4. Saint Paul a conscience de la gratuité du pardon et du salut : « Bien-aimé, je suis plein de gratitude envers celui qui me donne la force, le Christ Jésus notre Seigneur, car il m’a estimé digne de confiance lorsqu’il m’a chargé du ministère, moi qui étais autrefois blasphémateur, persécuteur, violent. Mais il m’a été fait miséricorde, car j’avais agi par ignorance, n’ayant pas encore la foi ; la grâce de notre Seigneur a été encore plus abondante, avec la foi, et avec l’amour qui est dans le Christ Jésus. Voici une parole digne de foi, et qui mérite d’être accueillie sans réserve : le Christ Jésus est venu dans le monde pour sauver les pécheurs ; et moi, je suis le premier des pécheurs » (1 Tm 1, 12-15). Le fils cadet, dans la péricope évangélique de ce jour, n’est pas pardonné à cause d’un quelconque mérite. C’est gratuitement que le Père lui manifeste son amour et sa miséricorde (cf. Lc 15, 21-24).

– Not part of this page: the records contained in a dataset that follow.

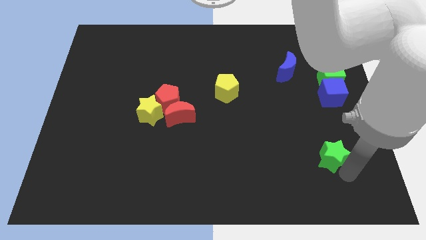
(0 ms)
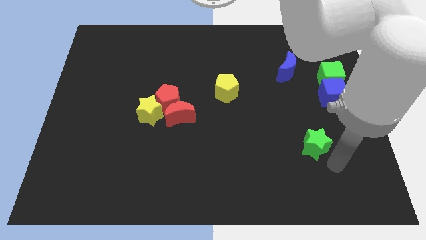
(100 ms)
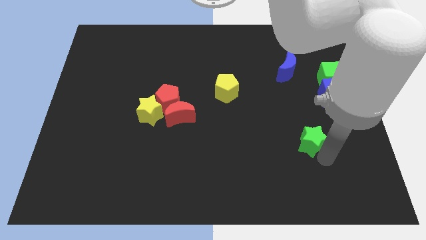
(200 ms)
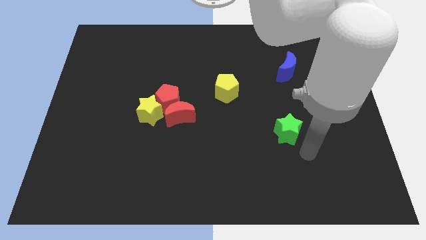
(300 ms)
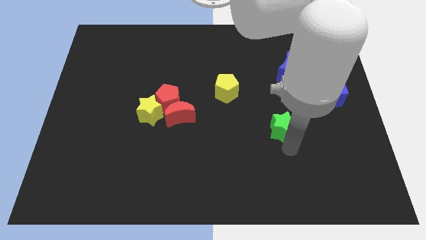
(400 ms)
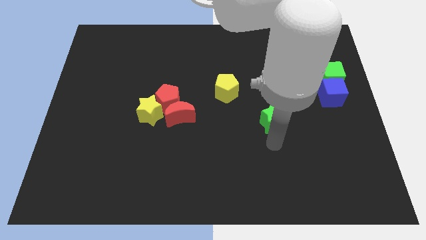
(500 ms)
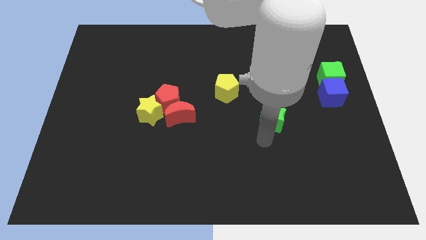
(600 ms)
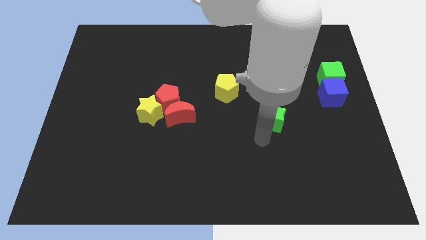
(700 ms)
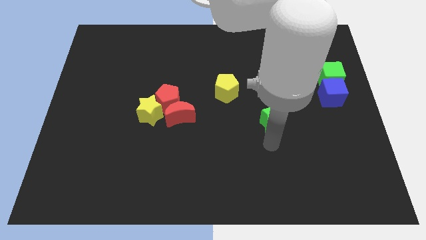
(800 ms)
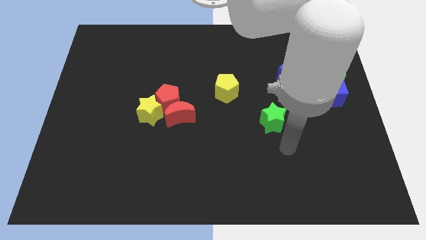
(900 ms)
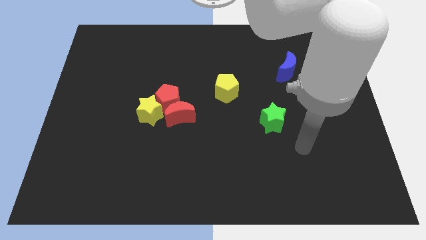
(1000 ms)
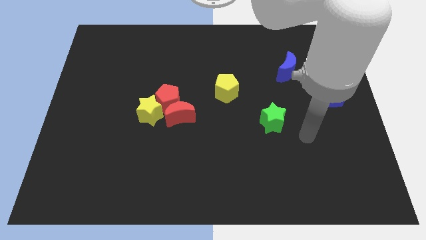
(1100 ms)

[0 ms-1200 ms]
place the green star below the blue moon

5. Seigneur, nous avons tendance à nous identifier au fils qui, dans la parabole, est resté sérieux et fidèle à son devoir. Fais-nous découvrir qu’en face de ton amour infini nous sommes d’éternels prodigues gaspillant tes merveilles. En prenant ainsi conscience de notre péché, nous pourrons enfin participer au festin que tu nous as préparé dans l’éternité.
Lasne, 11 septembre 2022

04 sept. 2022 – 23ÈME DIMANCHE DU TEMPS ORDINAIRE – ANNÉE C

Textes : Sg 9, 13-18 ; Phm 9b-10. 12-17 ; Lc 14, 25-33

1. Qu’est-ce qu’un chrétien ? Le chrétien peut se définir comme celui qui professe la foi en Jésus-Christ. Il puise les principes de son action dans les enseignements du Seigneur. Habité par le Saint-Esprit, dès son baptême, toute son âme est irradiée par l’amour du Père. Il jouit de la promesse du salut éternel, grâce à la croix du Christ.

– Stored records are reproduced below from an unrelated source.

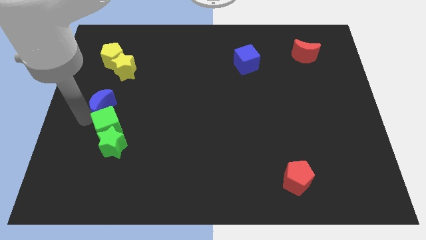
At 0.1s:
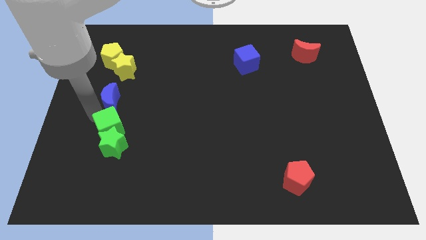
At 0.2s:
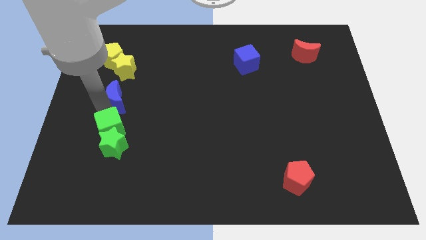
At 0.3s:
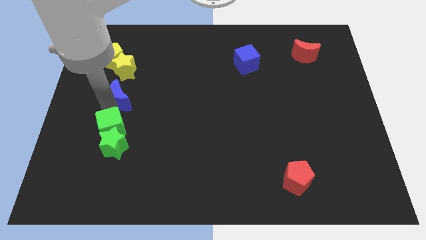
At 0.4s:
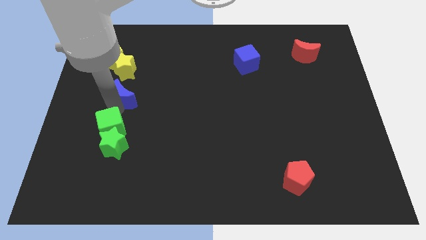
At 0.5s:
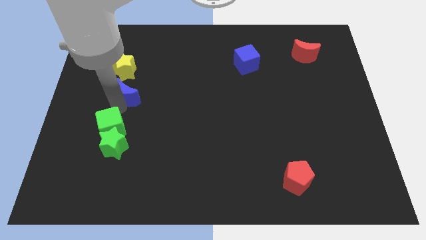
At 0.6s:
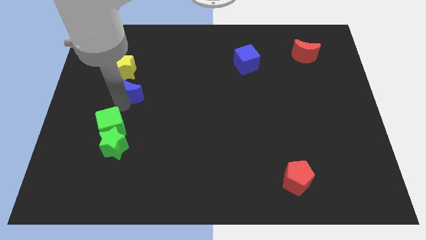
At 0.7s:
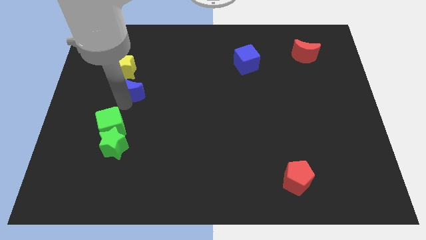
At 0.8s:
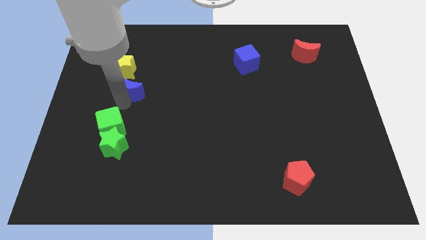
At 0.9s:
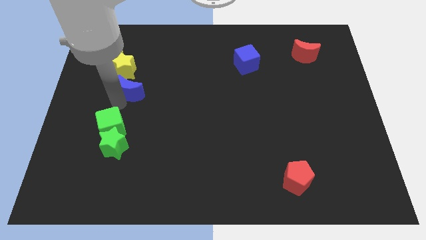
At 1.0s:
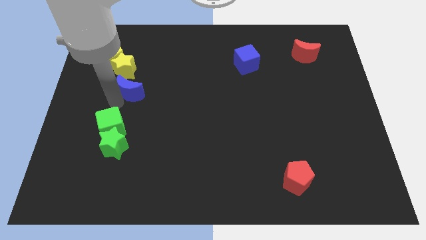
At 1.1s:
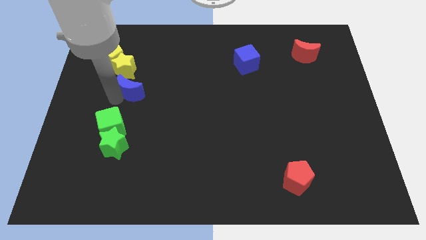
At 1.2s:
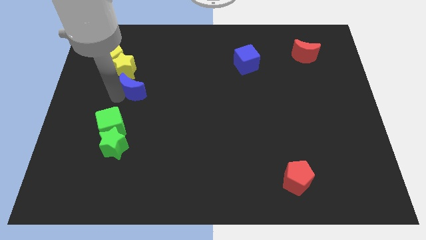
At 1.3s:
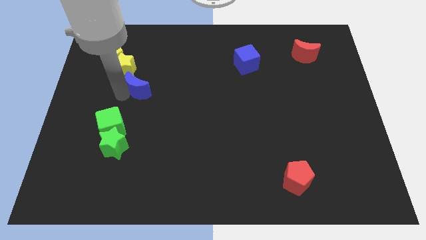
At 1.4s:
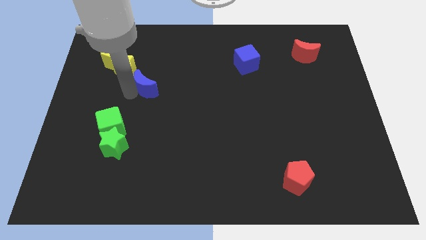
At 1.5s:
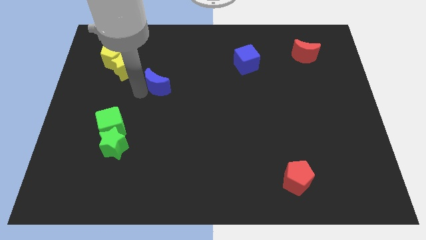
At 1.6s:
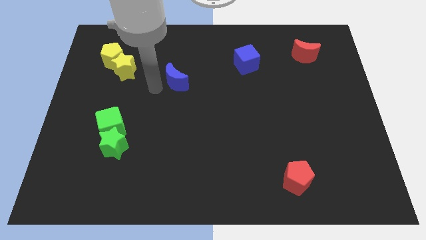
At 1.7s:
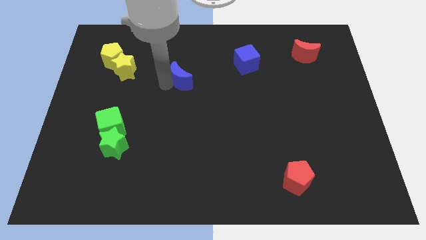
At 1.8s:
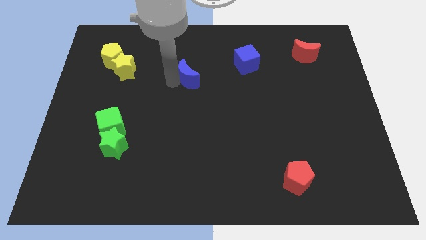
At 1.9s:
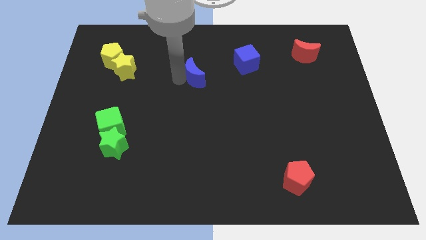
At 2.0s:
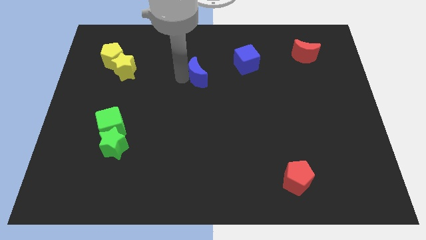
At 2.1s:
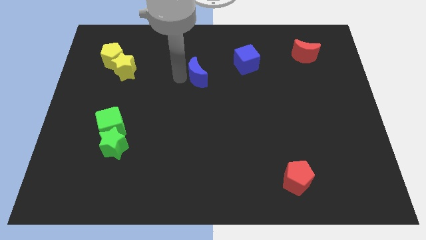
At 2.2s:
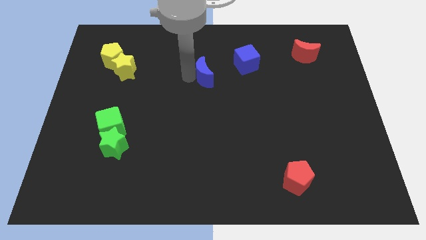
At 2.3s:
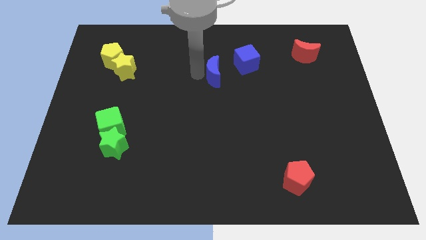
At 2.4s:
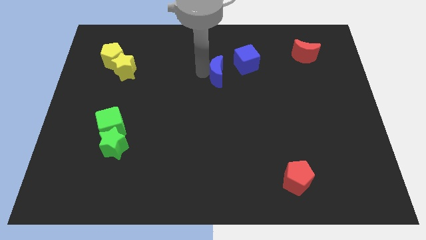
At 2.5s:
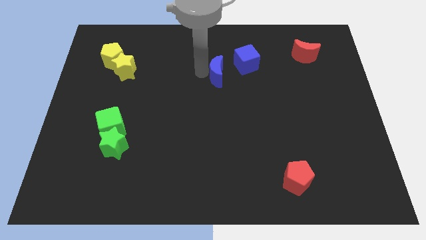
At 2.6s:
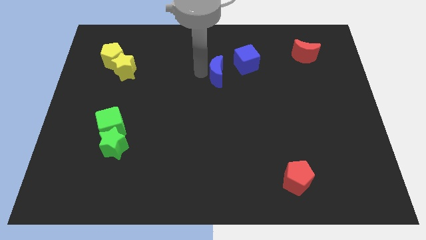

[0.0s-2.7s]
place the blue moon left to the blue cube

2. Qu’est-ce qu’être chrétien implique réellement pour la vie de tous les jours? Trouvons la réponse dans les paroles même du Seigneur : « Si quelqu’un vient à moi sans me préférer à son père, sa mère, sa femme, ses enfants, ses frères et sœurs, et même à sa propre vie, il ne peut pas être mon disciple » (Lc 14, 26). Ces propos de Jésus sont effrayants. Ils rebutent. Est-il en train de nous demander de briser égoïstement nos liens de famille ? C’est le contraire qu’il nous recommande. Pour Jésus, les relations humaines sont importantes (l’amour filial, conjugal, fraternel), mais elles doivent être animées et traversées par l’amour absolu de Dieu. Le Seigneur cherche donc à sublimer nos relations humaines, grâce à notre attachement indéfectible au Dieu d’amour.

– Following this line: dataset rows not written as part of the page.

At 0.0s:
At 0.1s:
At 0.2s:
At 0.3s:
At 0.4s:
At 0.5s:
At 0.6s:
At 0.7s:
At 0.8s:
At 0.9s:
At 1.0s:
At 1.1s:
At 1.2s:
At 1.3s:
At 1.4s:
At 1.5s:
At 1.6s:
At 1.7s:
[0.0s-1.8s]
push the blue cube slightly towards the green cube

3. Le Seigneur dit aussi : « Celui qui ne porte pas sa croix pour marcher à ma suite ne peut pas être mon disciple » (Lc 14, 27). Deux choses sont à noter ici : « porter la croix » et « marcher à la suite de Jésus ». La croix est l’expression ultime de l’amour de Dieu pour les hommes. Être capable de la porter, c’est se rendre disponible à être, pour les hommes de notre temps, le signe de l’amour éternel du Père ; c’est aussi indiquer que le salut est déjà offert à tous. Il est plus question d’amour que de renoncement ici. Tout celui qui porte une croix se met à la suite de Jésus, le premier à l’avoir fait. Autrement dit, si notre vie est confrontée à diverses épreuves ou difficultés, regardons le Seigneur qui marche devant nous portant sa croix. L’aventure de la foi est onéreuse, nous prévient Jésus. Elle exige au chrétien de prendre le temps de s’asseoir pour évaluer l’investissement que cela implique (cf. Lc 14, 28-33).

4. Pour que nous soyons les disciples de ton Fils, tu exiges de nous, Seigneur, un amour sans partage et un renoncement total. Ce que nous sommes incapable de faire par nous-mêmes, que ta grâce nous donne la force : alors nous pourrons porter notre croix et marcher à la suite du Christ.